◆ Data for this exercise:
--- START ---
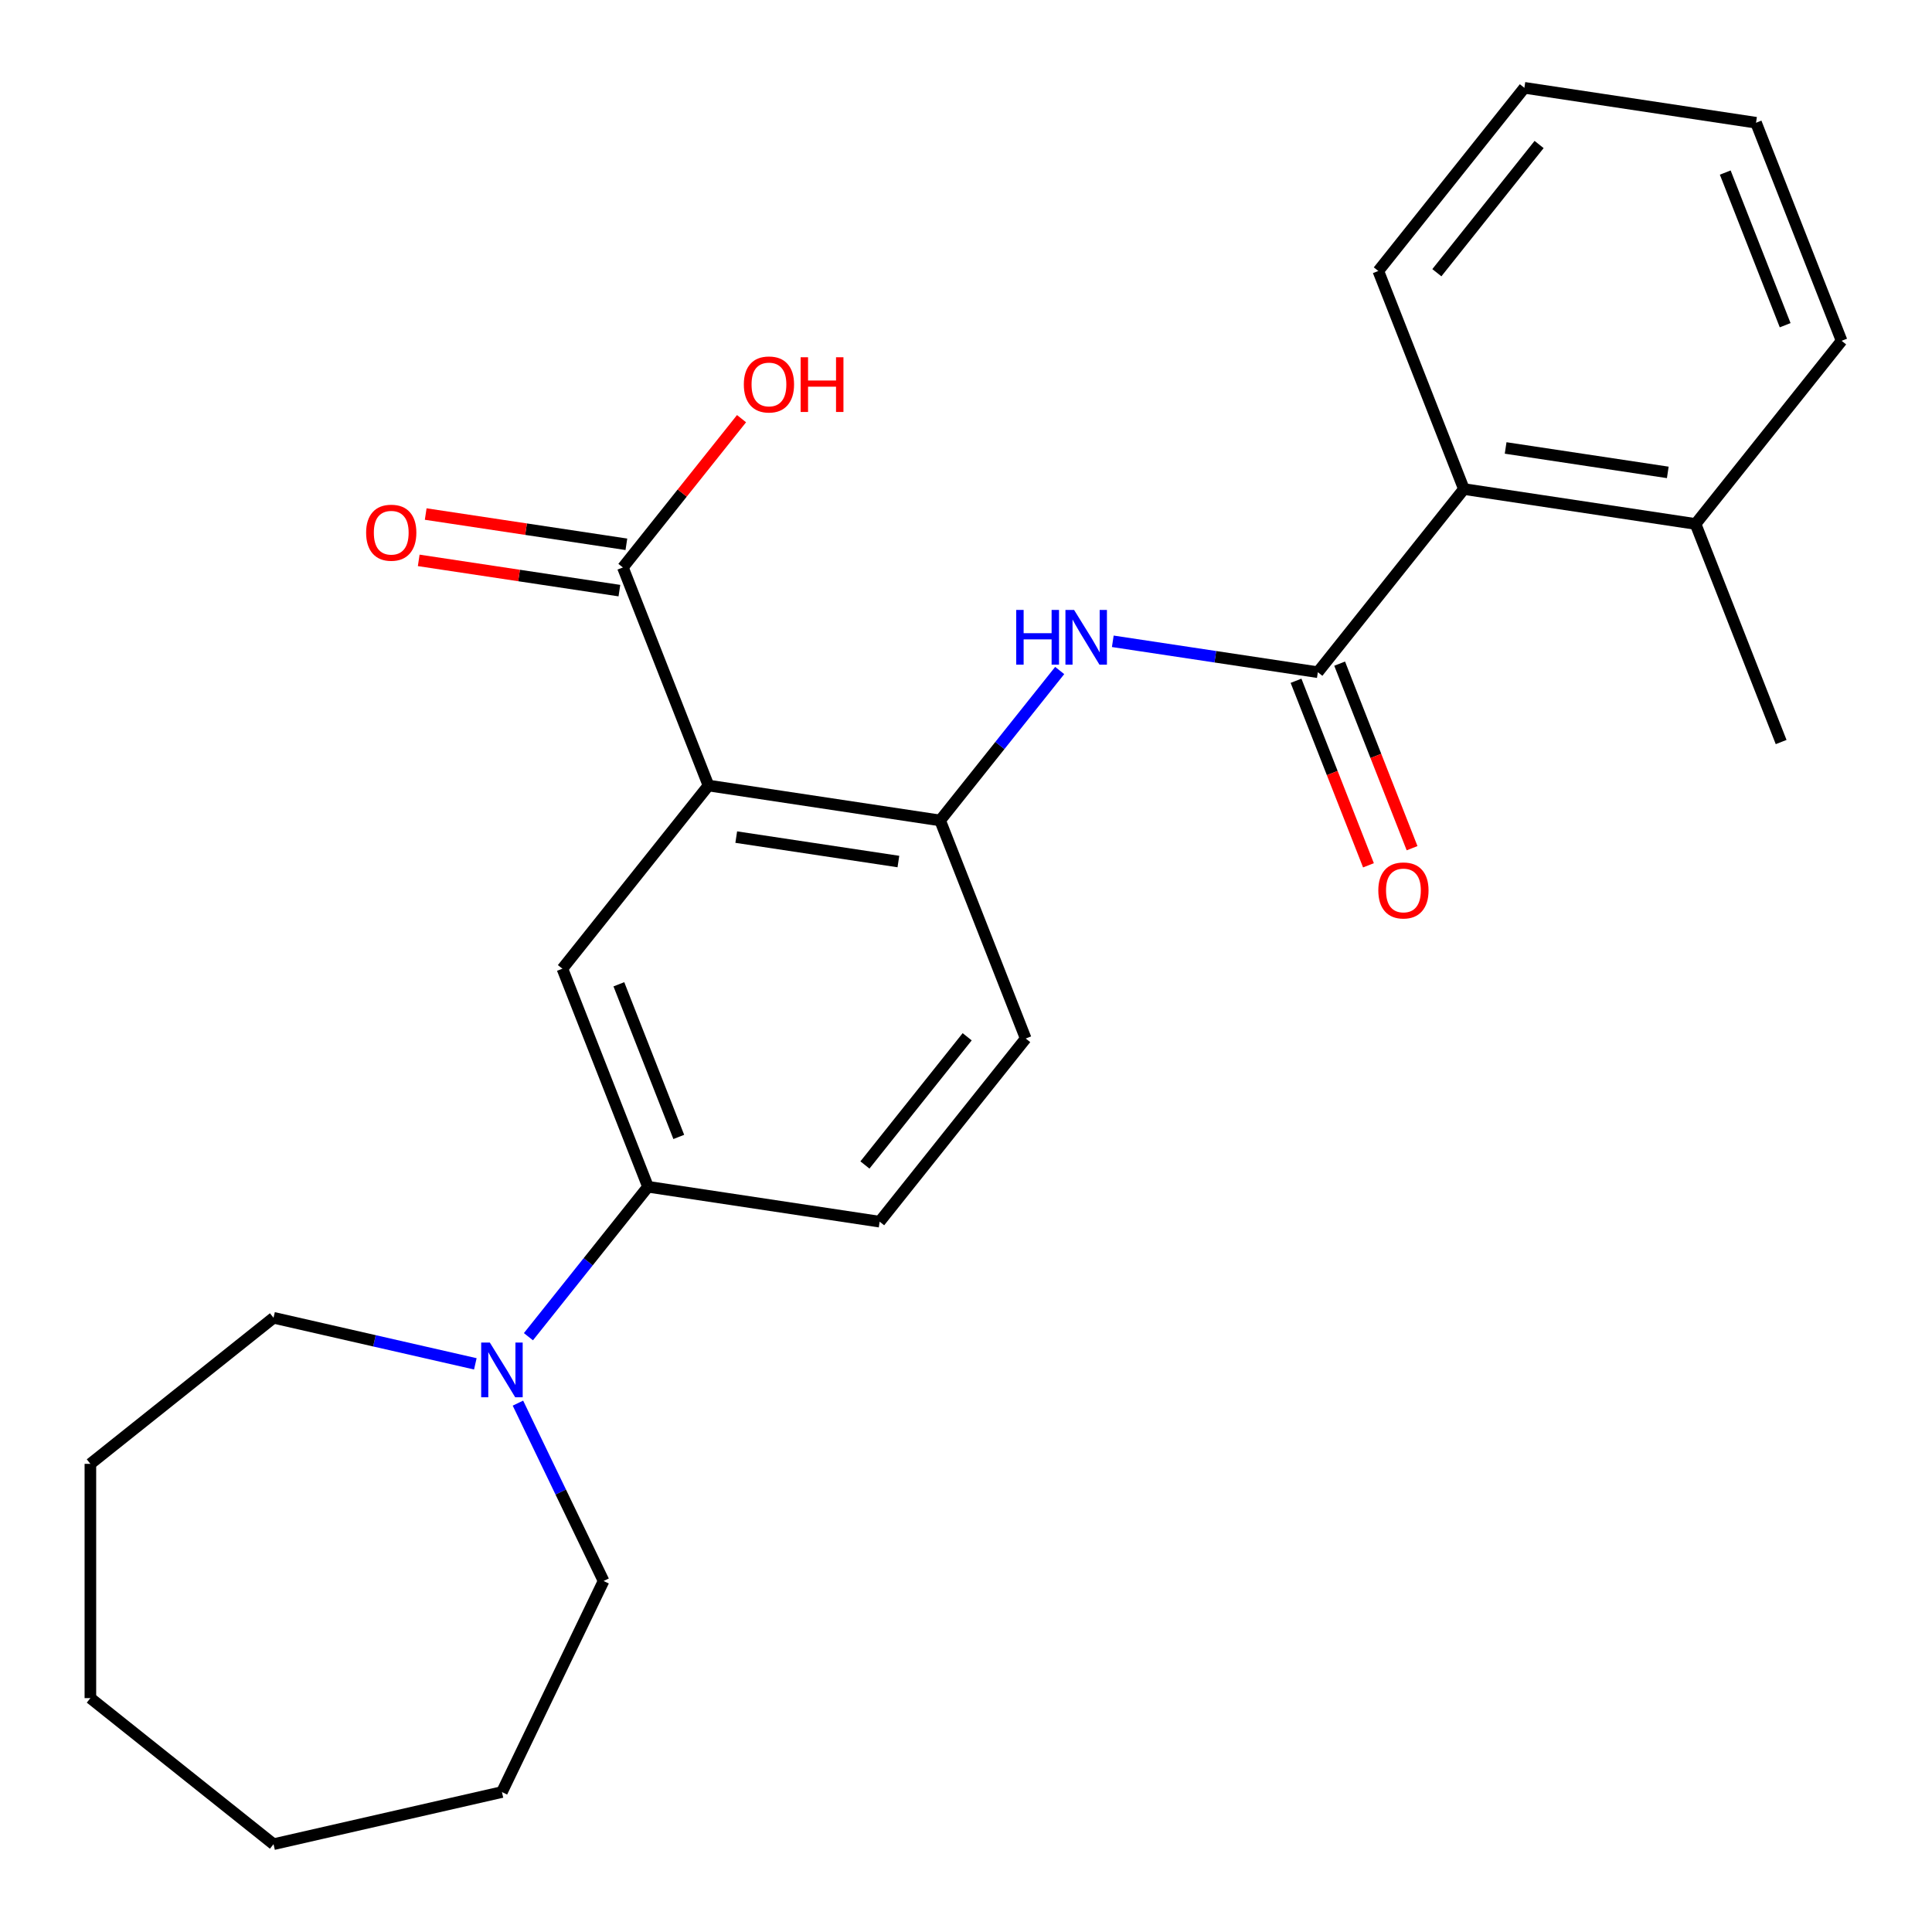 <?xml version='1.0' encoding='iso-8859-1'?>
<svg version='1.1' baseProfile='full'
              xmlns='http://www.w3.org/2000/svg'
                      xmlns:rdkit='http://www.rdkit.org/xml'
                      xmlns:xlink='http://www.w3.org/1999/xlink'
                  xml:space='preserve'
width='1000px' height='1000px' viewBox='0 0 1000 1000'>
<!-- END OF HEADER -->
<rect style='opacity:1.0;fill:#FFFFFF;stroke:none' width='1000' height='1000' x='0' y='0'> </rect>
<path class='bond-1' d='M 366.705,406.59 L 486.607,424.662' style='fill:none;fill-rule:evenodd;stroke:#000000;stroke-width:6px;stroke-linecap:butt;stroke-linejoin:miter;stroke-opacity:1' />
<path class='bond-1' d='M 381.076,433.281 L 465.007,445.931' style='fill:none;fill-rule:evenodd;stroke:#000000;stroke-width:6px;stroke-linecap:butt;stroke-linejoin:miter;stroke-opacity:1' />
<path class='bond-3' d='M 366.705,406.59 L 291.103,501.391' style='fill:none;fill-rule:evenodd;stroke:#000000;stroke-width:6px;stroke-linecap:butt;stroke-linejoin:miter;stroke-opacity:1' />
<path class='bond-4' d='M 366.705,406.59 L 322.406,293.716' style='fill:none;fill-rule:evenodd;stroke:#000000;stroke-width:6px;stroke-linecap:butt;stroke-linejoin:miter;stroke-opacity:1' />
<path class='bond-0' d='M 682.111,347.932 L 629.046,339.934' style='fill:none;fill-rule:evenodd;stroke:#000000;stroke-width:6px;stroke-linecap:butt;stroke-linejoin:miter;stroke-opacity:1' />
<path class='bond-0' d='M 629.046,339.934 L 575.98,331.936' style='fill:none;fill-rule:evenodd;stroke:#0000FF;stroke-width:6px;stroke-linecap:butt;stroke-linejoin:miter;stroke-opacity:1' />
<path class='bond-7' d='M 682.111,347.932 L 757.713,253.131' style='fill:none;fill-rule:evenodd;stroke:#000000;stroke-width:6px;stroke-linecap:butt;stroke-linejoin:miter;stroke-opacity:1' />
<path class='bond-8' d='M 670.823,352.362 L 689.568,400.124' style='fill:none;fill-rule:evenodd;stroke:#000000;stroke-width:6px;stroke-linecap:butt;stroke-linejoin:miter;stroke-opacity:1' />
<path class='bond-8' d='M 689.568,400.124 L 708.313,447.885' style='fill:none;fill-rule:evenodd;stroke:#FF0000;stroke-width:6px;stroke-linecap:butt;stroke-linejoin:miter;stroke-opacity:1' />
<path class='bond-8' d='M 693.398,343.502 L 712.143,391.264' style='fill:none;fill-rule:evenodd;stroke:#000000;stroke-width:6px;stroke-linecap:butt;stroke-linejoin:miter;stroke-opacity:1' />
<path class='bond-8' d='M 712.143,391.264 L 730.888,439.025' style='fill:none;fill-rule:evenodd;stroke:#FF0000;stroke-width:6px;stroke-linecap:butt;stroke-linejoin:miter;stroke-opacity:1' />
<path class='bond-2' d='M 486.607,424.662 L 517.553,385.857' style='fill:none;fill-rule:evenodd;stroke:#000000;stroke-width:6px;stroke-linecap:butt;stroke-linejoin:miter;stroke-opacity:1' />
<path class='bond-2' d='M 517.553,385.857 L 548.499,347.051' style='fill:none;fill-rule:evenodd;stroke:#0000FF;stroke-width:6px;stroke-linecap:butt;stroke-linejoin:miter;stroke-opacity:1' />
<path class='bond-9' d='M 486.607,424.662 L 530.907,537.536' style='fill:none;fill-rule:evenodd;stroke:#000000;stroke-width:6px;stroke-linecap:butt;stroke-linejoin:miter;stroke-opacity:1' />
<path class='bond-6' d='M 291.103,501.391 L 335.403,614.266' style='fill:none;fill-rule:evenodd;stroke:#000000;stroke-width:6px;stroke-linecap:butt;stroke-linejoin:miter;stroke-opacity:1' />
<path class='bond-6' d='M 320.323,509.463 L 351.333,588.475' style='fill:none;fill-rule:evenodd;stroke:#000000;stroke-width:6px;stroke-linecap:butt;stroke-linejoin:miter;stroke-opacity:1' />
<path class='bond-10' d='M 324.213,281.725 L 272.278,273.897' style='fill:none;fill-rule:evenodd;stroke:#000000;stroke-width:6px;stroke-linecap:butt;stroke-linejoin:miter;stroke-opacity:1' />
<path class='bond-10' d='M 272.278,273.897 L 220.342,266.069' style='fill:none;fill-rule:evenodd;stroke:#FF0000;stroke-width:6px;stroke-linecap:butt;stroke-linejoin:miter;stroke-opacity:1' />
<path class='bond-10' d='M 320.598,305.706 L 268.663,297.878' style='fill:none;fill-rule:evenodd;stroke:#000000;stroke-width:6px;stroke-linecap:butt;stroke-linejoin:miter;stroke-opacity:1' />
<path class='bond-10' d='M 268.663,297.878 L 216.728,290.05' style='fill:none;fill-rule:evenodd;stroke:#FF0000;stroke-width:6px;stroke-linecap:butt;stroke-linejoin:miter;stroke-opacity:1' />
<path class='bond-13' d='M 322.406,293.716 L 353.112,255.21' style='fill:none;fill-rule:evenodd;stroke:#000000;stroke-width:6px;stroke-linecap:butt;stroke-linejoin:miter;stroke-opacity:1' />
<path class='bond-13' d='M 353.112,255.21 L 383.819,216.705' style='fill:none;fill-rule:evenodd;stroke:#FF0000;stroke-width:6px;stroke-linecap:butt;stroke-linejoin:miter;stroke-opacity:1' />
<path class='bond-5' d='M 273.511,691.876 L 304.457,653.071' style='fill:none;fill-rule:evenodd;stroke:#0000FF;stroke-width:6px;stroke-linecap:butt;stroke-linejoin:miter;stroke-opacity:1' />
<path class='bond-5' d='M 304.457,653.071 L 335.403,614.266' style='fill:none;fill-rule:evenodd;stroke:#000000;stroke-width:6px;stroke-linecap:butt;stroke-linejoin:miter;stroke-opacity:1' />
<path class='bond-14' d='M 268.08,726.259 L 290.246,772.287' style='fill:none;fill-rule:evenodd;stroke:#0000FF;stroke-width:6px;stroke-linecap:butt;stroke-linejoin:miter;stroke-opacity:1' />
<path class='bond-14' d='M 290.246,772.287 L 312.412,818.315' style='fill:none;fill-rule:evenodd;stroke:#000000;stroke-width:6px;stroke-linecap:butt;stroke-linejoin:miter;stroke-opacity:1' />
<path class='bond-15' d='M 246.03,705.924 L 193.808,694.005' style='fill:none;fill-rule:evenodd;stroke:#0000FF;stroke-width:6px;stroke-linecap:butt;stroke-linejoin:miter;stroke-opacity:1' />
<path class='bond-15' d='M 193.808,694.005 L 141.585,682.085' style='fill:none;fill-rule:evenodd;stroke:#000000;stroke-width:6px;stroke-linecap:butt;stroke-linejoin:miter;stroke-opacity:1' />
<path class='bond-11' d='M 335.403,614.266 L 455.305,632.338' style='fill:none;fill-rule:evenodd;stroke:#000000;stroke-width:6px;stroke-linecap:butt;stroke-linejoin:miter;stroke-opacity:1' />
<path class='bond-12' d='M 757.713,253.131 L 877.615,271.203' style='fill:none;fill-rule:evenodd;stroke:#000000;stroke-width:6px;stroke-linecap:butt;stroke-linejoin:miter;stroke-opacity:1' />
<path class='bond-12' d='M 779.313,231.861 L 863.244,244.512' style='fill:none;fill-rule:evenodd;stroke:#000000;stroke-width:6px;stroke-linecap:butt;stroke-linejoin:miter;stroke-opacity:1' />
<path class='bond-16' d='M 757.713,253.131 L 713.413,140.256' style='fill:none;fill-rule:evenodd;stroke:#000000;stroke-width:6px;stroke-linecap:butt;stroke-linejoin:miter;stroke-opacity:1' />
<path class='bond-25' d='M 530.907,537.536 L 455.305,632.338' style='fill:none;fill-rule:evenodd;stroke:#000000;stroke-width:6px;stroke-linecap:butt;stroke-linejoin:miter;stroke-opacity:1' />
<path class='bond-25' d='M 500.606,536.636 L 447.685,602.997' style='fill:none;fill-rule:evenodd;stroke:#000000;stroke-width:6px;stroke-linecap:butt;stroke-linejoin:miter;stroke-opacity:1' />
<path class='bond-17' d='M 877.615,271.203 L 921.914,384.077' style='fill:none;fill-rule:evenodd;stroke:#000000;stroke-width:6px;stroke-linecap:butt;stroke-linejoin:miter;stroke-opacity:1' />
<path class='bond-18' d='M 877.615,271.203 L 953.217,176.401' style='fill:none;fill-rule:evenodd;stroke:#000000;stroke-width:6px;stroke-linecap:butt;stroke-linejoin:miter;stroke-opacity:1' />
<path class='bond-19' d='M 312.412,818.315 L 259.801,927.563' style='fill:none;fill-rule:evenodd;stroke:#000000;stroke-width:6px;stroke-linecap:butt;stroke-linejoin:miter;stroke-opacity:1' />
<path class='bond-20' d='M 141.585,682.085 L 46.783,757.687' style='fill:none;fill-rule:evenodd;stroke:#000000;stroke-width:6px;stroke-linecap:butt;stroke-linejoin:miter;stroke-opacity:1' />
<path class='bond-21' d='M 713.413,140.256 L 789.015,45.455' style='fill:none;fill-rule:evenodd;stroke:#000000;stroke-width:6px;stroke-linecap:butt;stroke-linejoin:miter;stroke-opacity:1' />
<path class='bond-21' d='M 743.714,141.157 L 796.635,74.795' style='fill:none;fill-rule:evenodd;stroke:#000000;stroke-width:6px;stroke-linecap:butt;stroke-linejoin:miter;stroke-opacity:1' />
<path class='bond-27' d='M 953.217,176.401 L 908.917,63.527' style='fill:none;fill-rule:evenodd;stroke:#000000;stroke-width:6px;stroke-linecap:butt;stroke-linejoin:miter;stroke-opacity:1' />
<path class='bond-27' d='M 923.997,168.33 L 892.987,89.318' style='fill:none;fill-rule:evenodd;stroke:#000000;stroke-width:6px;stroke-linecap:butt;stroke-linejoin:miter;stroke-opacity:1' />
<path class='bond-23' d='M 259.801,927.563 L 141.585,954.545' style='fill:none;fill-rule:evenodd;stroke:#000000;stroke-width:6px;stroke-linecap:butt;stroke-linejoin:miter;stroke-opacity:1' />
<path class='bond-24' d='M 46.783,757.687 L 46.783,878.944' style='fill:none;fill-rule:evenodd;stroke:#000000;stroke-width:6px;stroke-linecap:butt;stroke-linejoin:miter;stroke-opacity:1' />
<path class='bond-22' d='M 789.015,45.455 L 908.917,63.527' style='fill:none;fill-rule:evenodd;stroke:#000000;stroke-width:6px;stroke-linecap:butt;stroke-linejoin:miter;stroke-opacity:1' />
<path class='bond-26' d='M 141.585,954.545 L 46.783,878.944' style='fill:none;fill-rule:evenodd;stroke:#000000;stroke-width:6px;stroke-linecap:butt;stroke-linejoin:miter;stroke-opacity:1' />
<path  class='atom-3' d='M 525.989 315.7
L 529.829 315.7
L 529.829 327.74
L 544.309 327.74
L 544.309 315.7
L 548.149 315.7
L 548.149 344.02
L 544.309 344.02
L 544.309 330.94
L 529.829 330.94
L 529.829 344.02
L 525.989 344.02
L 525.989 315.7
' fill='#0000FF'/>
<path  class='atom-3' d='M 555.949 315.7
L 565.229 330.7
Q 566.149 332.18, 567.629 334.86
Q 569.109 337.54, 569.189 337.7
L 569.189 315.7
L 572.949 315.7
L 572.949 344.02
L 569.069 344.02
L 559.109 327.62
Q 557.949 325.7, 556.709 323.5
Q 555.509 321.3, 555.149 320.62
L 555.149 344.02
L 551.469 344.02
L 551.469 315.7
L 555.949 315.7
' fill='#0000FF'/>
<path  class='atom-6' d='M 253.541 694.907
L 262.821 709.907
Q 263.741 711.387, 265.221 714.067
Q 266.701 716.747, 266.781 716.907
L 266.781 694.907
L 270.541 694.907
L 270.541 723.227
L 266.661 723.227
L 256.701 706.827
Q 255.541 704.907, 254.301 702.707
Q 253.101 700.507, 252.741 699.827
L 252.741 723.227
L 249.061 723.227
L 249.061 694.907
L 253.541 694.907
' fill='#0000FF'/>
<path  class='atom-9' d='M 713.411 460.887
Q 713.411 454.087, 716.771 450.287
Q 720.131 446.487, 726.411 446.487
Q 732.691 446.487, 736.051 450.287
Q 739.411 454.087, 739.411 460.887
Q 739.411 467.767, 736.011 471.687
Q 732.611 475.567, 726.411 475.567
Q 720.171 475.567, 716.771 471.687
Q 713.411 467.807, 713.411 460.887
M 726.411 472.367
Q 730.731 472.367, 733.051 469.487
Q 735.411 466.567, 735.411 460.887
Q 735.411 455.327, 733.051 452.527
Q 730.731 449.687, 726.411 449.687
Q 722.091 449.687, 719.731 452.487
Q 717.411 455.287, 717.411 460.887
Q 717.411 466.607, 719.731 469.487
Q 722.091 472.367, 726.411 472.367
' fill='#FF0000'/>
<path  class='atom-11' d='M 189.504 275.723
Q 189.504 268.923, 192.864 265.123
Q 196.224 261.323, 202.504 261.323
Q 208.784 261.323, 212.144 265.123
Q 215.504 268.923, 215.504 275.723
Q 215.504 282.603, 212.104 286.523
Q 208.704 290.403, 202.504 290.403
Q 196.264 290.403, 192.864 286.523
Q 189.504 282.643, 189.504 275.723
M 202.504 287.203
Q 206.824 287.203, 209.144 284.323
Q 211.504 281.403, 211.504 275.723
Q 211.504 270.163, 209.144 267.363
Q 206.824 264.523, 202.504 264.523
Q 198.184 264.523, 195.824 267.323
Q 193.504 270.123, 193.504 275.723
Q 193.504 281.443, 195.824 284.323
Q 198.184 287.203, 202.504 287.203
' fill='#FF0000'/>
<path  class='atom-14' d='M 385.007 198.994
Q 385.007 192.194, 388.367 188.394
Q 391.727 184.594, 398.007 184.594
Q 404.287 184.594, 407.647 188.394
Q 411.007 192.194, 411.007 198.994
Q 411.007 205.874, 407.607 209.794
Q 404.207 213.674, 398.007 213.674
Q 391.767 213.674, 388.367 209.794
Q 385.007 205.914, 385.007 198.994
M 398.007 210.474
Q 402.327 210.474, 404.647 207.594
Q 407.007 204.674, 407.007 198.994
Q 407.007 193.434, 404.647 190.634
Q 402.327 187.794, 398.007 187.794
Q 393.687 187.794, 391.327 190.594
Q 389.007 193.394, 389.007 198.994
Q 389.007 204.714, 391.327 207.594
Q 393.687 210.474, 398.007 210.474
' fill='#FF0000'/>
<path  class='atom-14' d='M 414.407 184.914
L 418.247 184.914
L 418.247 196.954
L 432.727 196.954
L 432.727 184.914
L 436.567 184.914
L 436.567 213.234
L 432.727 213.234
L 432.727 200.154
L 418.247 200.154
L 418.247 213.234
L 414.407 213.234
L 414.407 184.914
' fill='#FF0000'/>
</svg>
--- END ---
◆ Work to be completed:
Search the lines above for the string "atom" and copy each line that has it.

◆ Response:
<path  class='atom-3' d='M 525.989 315.7
<path  class='atom-3' d='M 555.949 315.7
<path  class='atom-6' d='M 253.541 694.907
<path  class='atom-9' d='M 713.411 460.887
<path  class='atom-11' d='M 189.504 275.723
<path  class='atom-14' d='M 385.007 198.994
<path  class='atom-14' d='M 414.407 184.914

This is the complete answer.